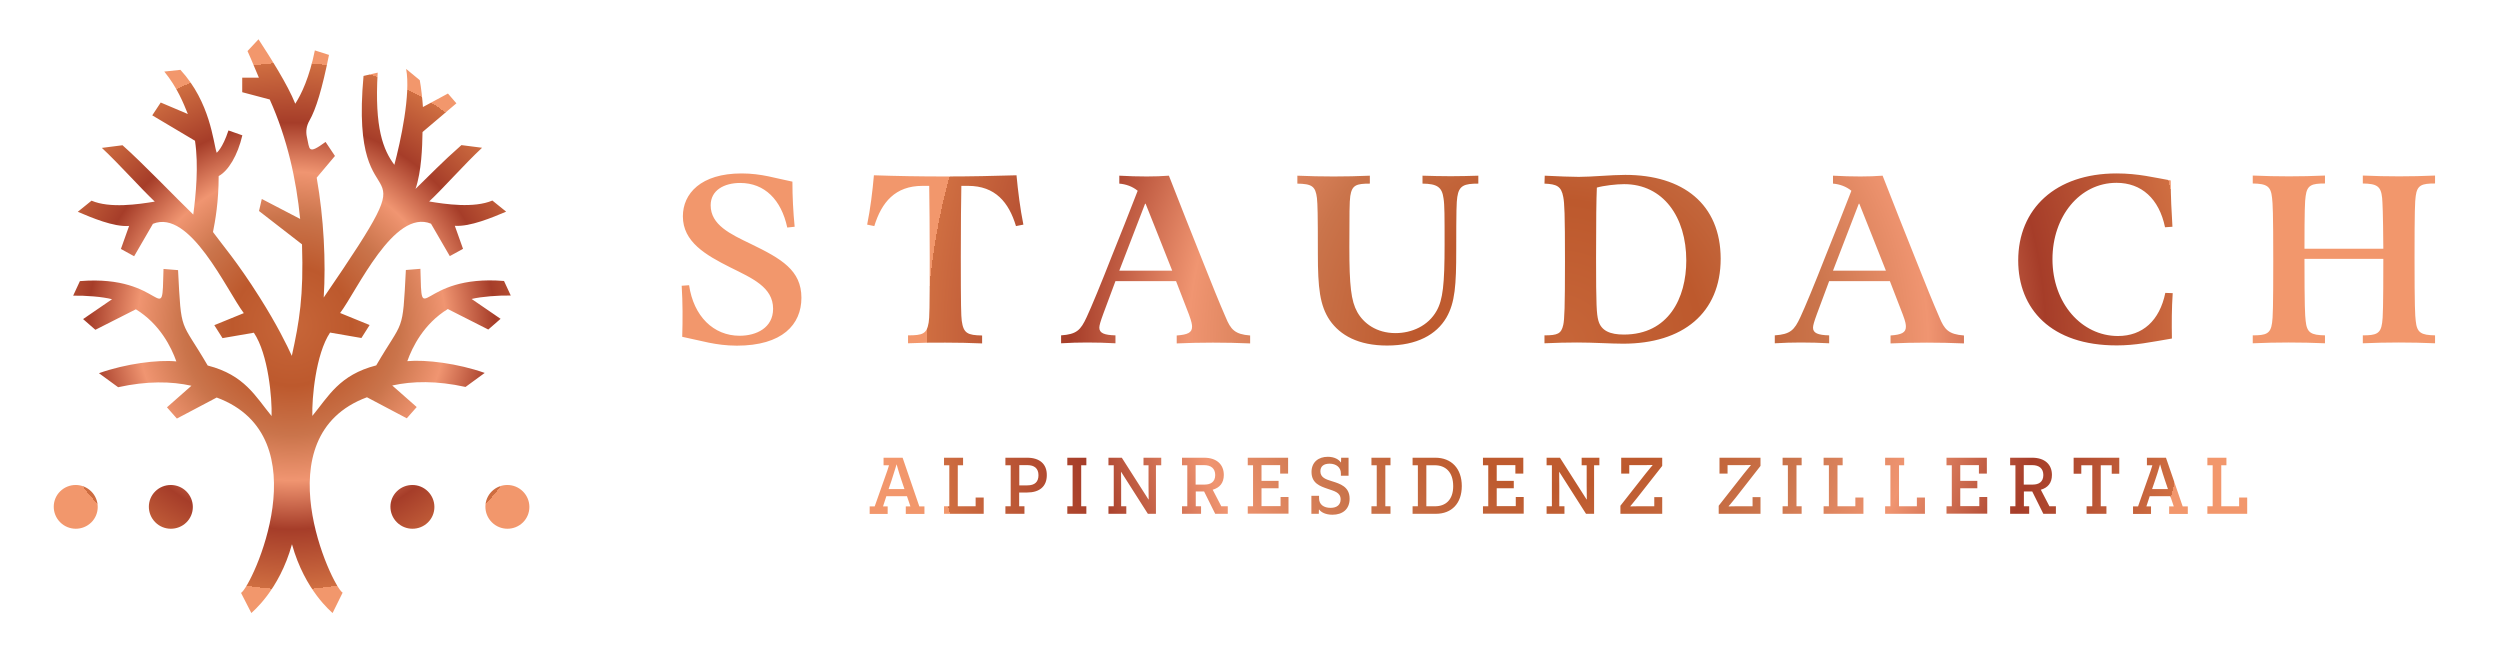 <?xml version="1.0" encoding="utf-8"?>
<!-- Generator: Adobe Illustrator 25.2.3, SVG Export Plug-In . SVG Version: 6.00 Build 0)  -->
<svg version="1.1" id="Ebene_1" xmlns="http://www.w3.org/2000/svg" xmlns:xlink="http://www.w3.org/1999/xlink" x="0px" y="0px"
	 viewBox="0 0 1889.8 494" style="enable-background:new 0 0 1889.8 494;" xml:space="preserve">
<style type="text/css">
	.st0{fill:url(#SVGID_1_);}
	.st1{fill:url(#SVGID_2_);}
</style>
<radialGradient id="SVGID_1_" cx="220.423" cy="246.477" r="199.082" gradientUnits="userSpaceOnUse">
	<stop  offset="0" style="stop-color:#C76639"/>
	<stop  offset="0.228" style="stop-color:#BD592D"/>
	<stop  offset="0.414" style="stop-color:#CA744B"/>
	<stop  offset="0.586" style="stop-color:#F09571"/>
	<stop  offset="0.772" style="stop-color:#A63D29"/>
	<stop  offset="1" style="stop-color:#CF6E41"/>
	<stop  offset="1" style="stop-color:#F2976C"/>
</radialGradient>
<path class="st0" d="M323.5,394.9c6.5-6.4,6.5-16.9,0-23.4c-6.5-6.5-17-6.5-23.5-0.1s-6.5,16.9,0,23.4
	C306.5,401.3,317,401.3,323.5,394.9z M395.3,394.9c6.5-6.4,6.5-16.9,0-23.4c-6.5-6.5-17-6.5-23.5-0.1s-6.5,16.9,0,23.4
	C378.3,401.3,388.8,401.3,395.3,394.9z M69,394.9c6.5-6.4,6.5-16.9,0-23.4c-6.5-6.5-17-6.5-23.5-0.1s-6.5,16.9,0,23.4
	C52,401.3,62.5,401.3,69,394.9z M140.9,394.9c6.5-6.4,6.5-16.9,0-23.4c-6.5-6.5-17-6.5-23.5-0.1c-6.5,6.4-6.5,16.9,0,23.4
	C123.8,401.3,134.4,401.3,140.9,394.9z M386.1,223.4l-5.1-11c-64.5-5.3-62,38.4-63.2-9.2c0,0-11,0.9-11,0.9
	c-2.5,49-1.6,36.4-22.4,72.1c-27.9,7.2-36,23.3-48.3,38.2c-0.4-13.3,2.5-46.6,13.4-63c0,0,23.7,4.1,23.7,4.1l6.2-9.8l-22.3-9.1
	c12.9-17.1,40.7-79.1,68.7-67.5c0,0,14.2,24.5,14.2,24.5l10-5.5l-6.2-17.4c11.6,0.8,28.4-6.3,38.8-10.7c0,0-10.4-8.4-10.4-8.4
	c-13.9,5.9-35.4,2.8-47.8,0.7c10.7-10,26.7-28.2,40-40.6l-15.6-2c-15,13.2-23.1,21.9-34.7,33.1c4.5-13.2,5.1-31.4,5.3-43l25.6-21.7
	l-6.4-7.4l-18.9,10.2c-0.3-5.1-1.4-15.2-2.4-20.3L307,52.1c3.6,19-4.2,54.9-8.9,72.5c-8.3-11.1-15.1-27.6-12.6-69.7l-10.7,2.5
	c-11.4,125.4,57.3,39.8-30.1,167.5c1.7-27.1,0.1-59.8-5.3-90.6c0,0,13.8-16.4,13.8-16.4l-7.1-10.6c-13.7,10-11.9,5.6-14.1-3.7
	c-1-4.2-0.3-8.6,1.9-12.4c5-8.7,9.6-24,14.8-49.7L238,38.1c-4.1,20.4-10.1,33-14.8,40.3c-5.9-14.7-18.7-34.7-27.8-48.7l-8.3,8.9
	c4.4,9.8,4.7,11.2,8.6,20.1l-12.6,0v11l20.8,5.5c13.3,29.6,20.1,60.7,23,90.3l-29-15.1l-2.1,9.1l32.5,25.2c1.3,39.2-2,58.3-7.7,84.3
	l0,0c-3.6-7.9-11.2-23.5-24.3-44.2c-17.3-27.4-28.5-40-35.3-49.4c1.7-8.5,4.3-23,4.3-42.3c7.3-3.9,14.4-15.7,17.9-30.8l-10.5-3.7
	c-4.5,13.7-8.9,16.9-8.9,16.9c-2.7-8.1-4.7-38-27.4-62.7c0,0-12.2,1.3-12.2,1.3c9.9,12.2,14.5,23.9,17.8,32.1l-20.5-8.7l-6.4,9.7
	l32.3,19.2c2.9,18.9,0.6,41.4-1.3,55.8c-12-11.5-38.8-39.5-53.5-52.4l-15.6,2c13.3,12.4,29.3,30.5,40,40.6
	c-12.5,2.1-34,5.2-47.8-0.7c0,0-10.4,8.4-10.4,8.4c10.4,4.4,27.1,11.6,38.8,10.7l-6.2,17.4l10,5.5c0,0,14.2-24.5,14.2-24.5
	c28-11.6,55.8,50.4,68.7,67.5l-22.3,9.1l6.2,9.8c0,0,23.7-4.1,23.7-4.1c11,16.4,13.8,49.7,13.4,63c-12.2-14.8-20.3-31-48.3-38.2
	c-20.8-35.7-19.9-23.1-22.4-72.1c0,0-11-0.9-11-0.9c-1.2,47.6,1.3,3.9-63.2,9.2l-5.1,11c9-0.2,22.4,0.8,29.4,2.7l-21.9,15l9.3,8.1
	l30.6-15.5c18.2,11.2,26.8,28.7,30.6,39.4c-14-1.4-38.2,1.7-58.5,8.9l14.5,10.6c21.9-4.8,40.2-4.5,55.4-1.1l-18.5,16.3l7.5,8.5
	c0,0,30.1-15.9,30.1-15.9c79.8,29.5,26.5,143,18.4,147.7l7.8,15.2c0.4-0.6,21-16.8,30.7-52c9.8,35.3,30.3,51.4,30.7,52L259,448
	c-8.1-4.7-61.3-118.2,18.4-147.7c0,0,30.1,15.9,30.1,15.9l7.5-8.5l-18.5-16.3c15.3-3.4,33.6-3.7,55.4,1.1l14.5-10.6
	c-20.3-7.2-44.5-10.2-58.5-8.9c3.8-10.7,12.4-28.2,30.6-39.4l30.6,15.5l9.3-8.1l-21.9-15C363.7,224.2,377.1,223.2,386.1,223.4z"/>
<radialGradient id="SVGID_2_" cx="1177.98" cy="260.12" r="477.353" gradientUnits="userSpaceOnUse">
	<stop  offset="0" style="stop-color:#C76639"/>
	<stop  offset="0.228" style="stop-color:#BD592D"/>
	<stop  offset="0.414" style="stop-color:#CA744B"/>
	<stop  offset="0.586" style="stop-color:#F09571"/>
	<stop  offset="0.772" style="stop-color:#A63D29"/>
	<stop  offset="1" style="stop-color:#CF6E41"/>
	<stop  offset="1" style="stop-color:#F2976C"/>
</radialGradient>
<path class="st1" d="M515.7,254.6c0.4-12.7,0.4-25.9-0.4-38.6l5.6-0.4c3.4,23.4,18.4,38.2,38.2,38.2c12.7,0,25.3-6,25.3-20.4
	c0-16.3-15.7-23-32.4-31.3c-18.7-9.4-35.8-19.3-35.8-38.6c0-17.1,13.5-32.4,44.4-32.4c15.2,0,26.1,3.8,38.4,6.2
	c0,11.4,0.6,23.1,1.7,34.1l-5.6,0.6c-4.5-21-17.1-33.7-35.6-33.7c-12,0-22.3,5.4-22.3,16.9c0,14.8,14.8,21.7,30.4,29.2
	c23.1,11.2,38.2,19.9,38.2,40.7c0,20.2-14.4,36.2-48.9,36.2C540.8,261.2,530.5,257.6,515.7,254.6z M686.4,259.5v-6
	c11.1,0,14.2-1.1,15.6-9.7c0.6-3.6,0.8-10.1,0.8-48.4c0-20.8-0.2-43.1-0.4-54.9h-5.1c-20.6,0-30.9,12.4-36.4,30.4l-5.4-1.1
	c2.4-11.8,4.1-25.5,5.1-37.3c17.4,0.6,34.7,0.9,54.2,0.9c19.3,0,36.2-0.4,53.6-0.9c1.1,11.8,2.8,25.5,5.2,37.3l-5.6,1.1
	c-5.4-18-15.7-30.4-36.2-30.4h-5.1c-0.2,11.4-0.4,27.4-0.4,53.8c0,37.9,0.2,43.9,0.7,48.2c1.3,9.4,4.3,10.9,15.4,11.1v6
	c-9.2-0.4-18.9-0.6-27.9-0.6C705.2,258.9,695.6,259.1,686.4,259.5z M926.5,239.8c-4.9-11.2-10.5-25.1-17.2-42
	c-9-22.5-16.5-41.4-25.7-65c-5.4,0.4-10.7,0.6-16.7,0.6c-6.6,0-13.9-0.2-20.8-0.6v6c4.9,0.4,9.9,2.1,13.9,5.4
	c-5.1,13.1-14.8,37.9-19.5,49.3c-8.2,21-15.6,38.8-19.1,46.3c-4.5,9.7-7.5,12.9-19.3,13.7v6c6.4-0.4,13.3-0.6,19.7-0.6
	c6.9,0,14.4,0.2,21.4,0.6v-6c-8.4-0.2-12.2-1.7-12.2-5.8c0-1.7,0.8-4.5,3-10.5l9.2-24.7H889l9.7,25.1c2.2,6,2.4,7.9,2.4,9.4
	c0,4.5-3.4,6-11.6,6.6v6c9.2-0.4,18.2-0.6,27.4-0.6c9,0,19.1,0.2,28.1,0.6v-6C933.3,252.7,930.3,249,926.5,239.8z M846.1,204.6
	l19.5-50.6h0.4c5.8,14.8,13.7,34.1,20.1,50.6H846.1z M1005.2,242.1c-7.5-11.1-9-24.4-9-50.2c0-31.1-0.2-37.1-0.7-42.2
	c-1.1-9-3.9-10.7-14.8-10.9v-6c9.2,0.4,18.6,0.6,27.4,0.6c9,0,18.4-0.2,27.4-0.6v6c-10.3,0-13.5,1.1-14.8,9.4
	c-0.6,3.9-0.7,13.9-0.7,38.6c0,29.1,1.3,40.7,6,49.1c4.7,8.4,14.4,15.9,28.9,15.9c12.2,0,24.7-5.4,31.1-16.9c4.7-8.4,6-19.9,6-50.2
	c0-20.8,0-30-0.8-34.7c-1.1-8.6-4.9-11.1-15.9-11.2v-6c6.6,0.2,13.9,0.4,21.4,0.4c7.1,0,14.2-0.2,20.8-0.4v6
	c-10.5,0-14.6,1.3-15.9,10.1c-0.6,3.9-0.8,10.1-0.8,40.3c0,25.9-0.8,39.5-7.5,51c-7.5,12.7-22.1,21-44.8,21
	C1026.9,261.2,1013.1,253.5,1005.2,242.1z M1228.6,132.2c-10.5,0-25.3,1.5-35.2,1.5c-5.6,0-15.4-0.4-25.7-0.9l-0.2,6
	c9.2,0.4,12.7,1.9,14.2,10.1c0.9,4.7,1.3,12.2,1.3,48.7c0,35-0.4,43.9-1.3,48c-1.5,6.7-4.3,7.9-14.2,7.9v6c9-0.4,17.2-0.6,24.6-0.6
	c12.7,0,25.5,0.9,34.9,0.9c45,0,73.7-23.1,73.7-64.3C1300.6,154.3,1272.2,132.2,1228.6,132.2z M1227.5,252.9
	c-10.3,0-17.2-2.8-19.3-10.7c-1.3-4.9-1.7-10.9-1.7-47.4c0-29.6,0.2-43.5,0.6-53c5.1-1.5,14.8-2.6,20.6-2.6c29.6,0,47,24.9,47,57.7
	C1274.7,225.4,1261.2,252.9,1227.5,252.9z M1466,239.8c-4.9-11.2-10.5-25.1-17.2-42c-9-22.5-16.5-41.4-25.7-65
	c-5.4,0.4-10.7,0.6-16.7,0.6c-6.6,0-13.9-0.2-20.8-0.6v6c4.9,0.4,9.9,2.1,13.9,5.4c-5.1,13.1-14.8,37.9-19.5,49.3
	c-8.2,21-15.6,38.8-19.1,46.3c-4.5,9.7-7.5,12.9-19.3,13.7v6c6.4-0.4,13.3-0.6,19.7-0.6c6.9,0,14.4,0.2,21.4,0.6v-6
	c-8.4-0.2-12.2-1.7-12.2-5.8c0-1.7,0.8-4.5,3-10.5l9.2-24.7h45.9l9.7,25.1c2.3,6,2.4,7.9,2.4,9.4c0,4.5-3.4,6-11.6,6.6v6
	c9.2-0.4,18.2-0.6,27.4-0.6c9,0,19.1,0.2,28.1,0.6v-6C1472.8,252.7,1469.8,249,1466,239.8z M1385.6,204.6l19.5-50.6h0.4
	c5.8,14.8,13.7,34.1,20.1,50.6H1385.6z M1525.6,196.9c0-39,28.1-65.8,74.4-65.8c16.5,0,28.7,3.2,40.9,5.3c0,12,0.6,23.8,1.3,35
	l-5.6,0.4c-4.5-21.6-17.8-33.6-36.7-33.6c-27.9,0-48.4,25.5-48.4,57.7c0,33.4,22.1,58.1,49.5,58.1c18.6,0,31.5-11.6,35.8-32.6
	l5.6,0.2c-0.8,11.8-0.8,22.7-0.6,34.3c-16.5,2.8-27.7,5.2-41.6,5.2C1550.3,261.2,1525.6,233.4,1525.6,196.9z M1786.1,259.5v-6
	c9.9,0,13.5-1.1,14.6-9.4c0.6-3.6,0.9-12.4,0.9-48.4H1742c0,36.4,0.4,42.5,0.9,46.9c0.9,9,4.1,10.7,14.6,10.9v6
	c-9-0.4-18.4-0.6-27.4-0.6c-9,0-18.4,0.2-27.2,0.6v-6c9.9,0,13.5-1.1,14.6-9.4c0.6-3.6,0.9-12.4,0.9-46.7c0-37.3-0.4-43.5-0.9-47.8
	c-0.9-9-4.1-10.7-14.6-10.9v-6c9,0.4,18.4,0.6,27.4,0.6c8.8,0,18.2-0.2,27.2-0.6v6c-9.9,0-13.5,1.1-14.6,9.4
	c-0.6,3.4-0.9,11.8-0.9,39.9h59.6c-0.2-28.3-0.6-34.5-0.9-38.4c-0.9-9-4.1-10.7-14.6-10.9v-6c9,0.4,18.4,0.6,27.4,0.6
	c9,0,18.4-0.2,27.2-0.6v6c-9.9,0-13.5,1.1-14.6,9.4c-0.6,3.6-0.9,12.4-0.9,46.7c0,37.3,0.4,43.5,0.9,47.8c0.9,9,4.1,10.7,14.6,10.9
	v6c-9-0.4-18.4-0.6-27.4-0.6C1804.4,258.9,1795.1,259.1,1786.1,259.5z M694.9,382.7L682.3,346h-14.4v5.7h1.9c0.7,0,1.5,0,2.1,0
	l0.1,0.1c-0.2,0.5-0.8,2.3-1.3,4.1l-9.5,26.9h-3.8v5.7h13.6v-5.7h-3.5l2.5-7.7h15.6l2.6,7.7h-3.5v5.7h14.1v-5.7H694.9z M671.7,369.7
	l2.1-6.1c2.8-8.4,3.8-12.4,3.9-12.5h0.1c0.1,0.1,1,4.2,3.8,12.4l2.1,6.2H671.7z M713.6,388.4v-5.7h4v-31h-4V346H728v5.7H724v31h13.5
	v-6.6h6.1v12.3H713.6z M776.5,346H760v5.7h4v31h-4v5.7h14.4v-5.7h-4v-10.4h6c9.3,0,14.9-4.5,14.9-13.1
	C791.4,350.7,785.8,346,776.5,346z M776.6,366.9h-6.1v-15.3h6.1c5.3,0,8.4,2.5,8.4,7.6C785,364.3,782.2,366.9,776.6,366.9z
	 M821.2,382.7v5.7h-14.4v-5.7h4v-31h-4V346h14.4v5.7h-3.9v31H821.2z M873.6,388.4h-5.9l-20.2-31.7h-0.1c0,0.1,0.1,5.1,0.1,10.7v15.3
	h3.9v5.7h-13.5v-5.7h4v-31h-4V346h10.1l20.1,31.5h0.2c0-0.1-0.1-5.4-0.1-10.4v-15.4h-3.8V346h13.4v5.7h-4V388.4z M923.2,382.7
	l-6.5-12.5c5.2-1.5,8.4-5,8.4-11.2c0-7.9-5.4-13-14.9-13h-16.7v5.7h4v31h-4v5.7h14.4v-5.7h-4v-11.2h3.6h2.7l8.4,16.9h9.5v-5.7H923.2
	z M903.8,366.3v-14.7h6.4c5.3,0,8.4,2.6,8.4,7.5c0,5.3-3.6,7.2-7.9,7.2H903.8z M943.2,388.4v-5.7h4v-31h-4V346h30.5V358h-6v-6.4
	h-14.1v11.9h12.9v5.6h-12.9v13.5H968v-6.9h6v12.6H943.2z M997.1,376.7c0,4.7,3.6,7.2,8.7,7.2c4.9,0,7.6-2.4,7.6-6.4
	c0-5.4-5-6.3-10.1-8.1c-5.2-1.8-11.9-4-11.9-12.6c0-7.5,5.3-11.5,12.3-11.5c5.1,0,8.4,2.1,9.8,4.2h0.2l0.1-3.5h5.6v13.6h-5.8v-1.8
	c0-4.5-3.6-7.3-8.5-7.3c-4.4,0-7,1.9-7,5.8c0,4.8,4.4,6.1,8.5,7.4c6.5,2,13.6,4.2,13.6,13.3c0,8.1-5.5,12.1-13,12.1
	c-5,0-8.5-1.8-10-3.9H997l-0.1,3.2h-5.6v-13.6h5.8V376.7z M1051.1,382.7v5.7h-14.4v-5.7h4v-31h-4V346h14.4v5.7h-3.9v31H1051.1z
	 M1085,346h-17.2v5.7h4v31h-4v5.7h17.6c11.9,0,19.6-7.8,19.6-21C1105,354.2,1097.2,346,1085,346z M1084.8,382.7h-6.6v-31h6.4
	c8,0,13.9,5,13.9,15.8C1098.5,377.9,1092.7,382.7,1084.8,382.7z M1121,388.4v-5.7h4v-31h-4V346h30.5V358h-6v-6.4h-14.1v11.9h12.9
	v5.6h-12.9v13.5h14.4v-6.9h6v12.6H1121z M1204.8,388.4h-5.9l-20.2-31.7h-0.1c0,0.1,0.1,5.1,0.1,10.7v15.3h3.9v5.7h-13.5v-5.7h4v-31
	h-4V346h10.1l20.1,31.5h0.2c0-0.1-0.1-5.4-0.1-10.4v-15.4h-3.8V346h13.4v5.7h-4V388.4z M1237.5,376.4c-3.3,4.2-5.1,6.2-5.1,6.2
	l0.1,0.2c0,0,2.4-0.1,5.5-0.1h12.5v-6.9h6v12.6h-31.6v-6.1l19-24.2c3.4-4.4,5.3-6.3,5.3-6.4l-0.1-0.2c-0.1,0-2.5,0.1-5.3,0.1h-12.2
	v6.4h-6.1V346h31v6.2L1237.5,376.4z M1311.9,376.4c-3.3,4.2-5.2,6.2-5.2,6.2l0.1,0.2c0,0,2.4-0.1,5.5-0.1h12.5v-6.9h6v12.6h-31.6
	v-6.1l19-24.2c3.4-4.4,5.3-6.3,5.3-6.4l-0.1-0.2c-0.1,0-2.5,0.1-5.3,0.1h-12.2v6.4h-6.1V346h31v6.2L1311.9,376.4z M1361.9,382.7v5.7
	h-14.4v-5.7h4v-31h-4V346h14.4v5.7h-3.9v31H1361.9z M1378.5,388.4v-5.7h4v-31h-4V346h14.4v5.7h-3.9v31h13.5v-6.6h6.1v12.3H1378.5z
	 M1425,388.4v-5.7h4v-31h-4V346h14.4v5.7h-3.9v31h13.5v-6.6h6.1v12.3H1425z M1471.4,388.4v-5.7h4v-31h-4V346h30.5V358h-6v-6.4h-14.1
	v11.9h12.9v5.6h-12.9v13.5h14.4v-6.9h6v12.6H1471.4z M1549.2,382.7l-6.5-12.5c5.2-1.5,8.4-5,8.4-11.2c0-7.9-5.4-13-14.9-13h-16.7
	v5.7h4v31h-4v5.7h14.4v-5.7h-4v-11.2h3.6h2.7l8.4,16.9h9.5v-5.7H1549.2z M1529.8,366.3v-14.7h6.4c5.3,0,8.4,2.6,8.4,7.5
	c0,5.3-3.6,7.2-7.9,7.2H1529.8z M1596.3,358.1v-6.4h-8.3v31h4.3v5.7h-15v-5.7h4.3v-31h-8.3v6.4h-5.8V346h34.5v12.1H1596.3z
	 M1649.9,382.7l-12.6-36.7h-14.4v5.7h1.9c0.7,0,1.5,0,2.1,0l0.1,0.1c-0.2,0.5-0.8,2.3-1.3,4.1l-9.5,26.9h-3.8v5.7h13.6v-5.7h-3.5
	l2.5-7.7h15.6l2.6,7.7h-3.5v5.7h14.1v-5.7H1649.9z M1626.8,369.7l2.1-6.1c2.9-8.4,3.8-12.4,3.9-12.5h0.1c0.1,0.1,1,4.2,3.8,12.4
	l2.1,6.2H1626.8z M1668.6,388.4v-5.7h4v-31h-4V346h14.4v5.7h-3.9v31h13.5v-6.6h6.1v12.3H1668.6z"/>
</svg>

====

TASK BRIEF: If the string "radialGradient" appears in a line of the entries, report the line.

EXERCISE RESPONSE:
<radialGradient id="SVGID_1_" cx="220.423" cy="246.477" r="199.082" gradientUnits="userSpaceOnUse">
</radialGradient>
<radialGradient id="SVGID_2_" cx="1177.98" cy="260.12" r="477.353" gradientUnits="userSpaceOnUse">
</radialGradient>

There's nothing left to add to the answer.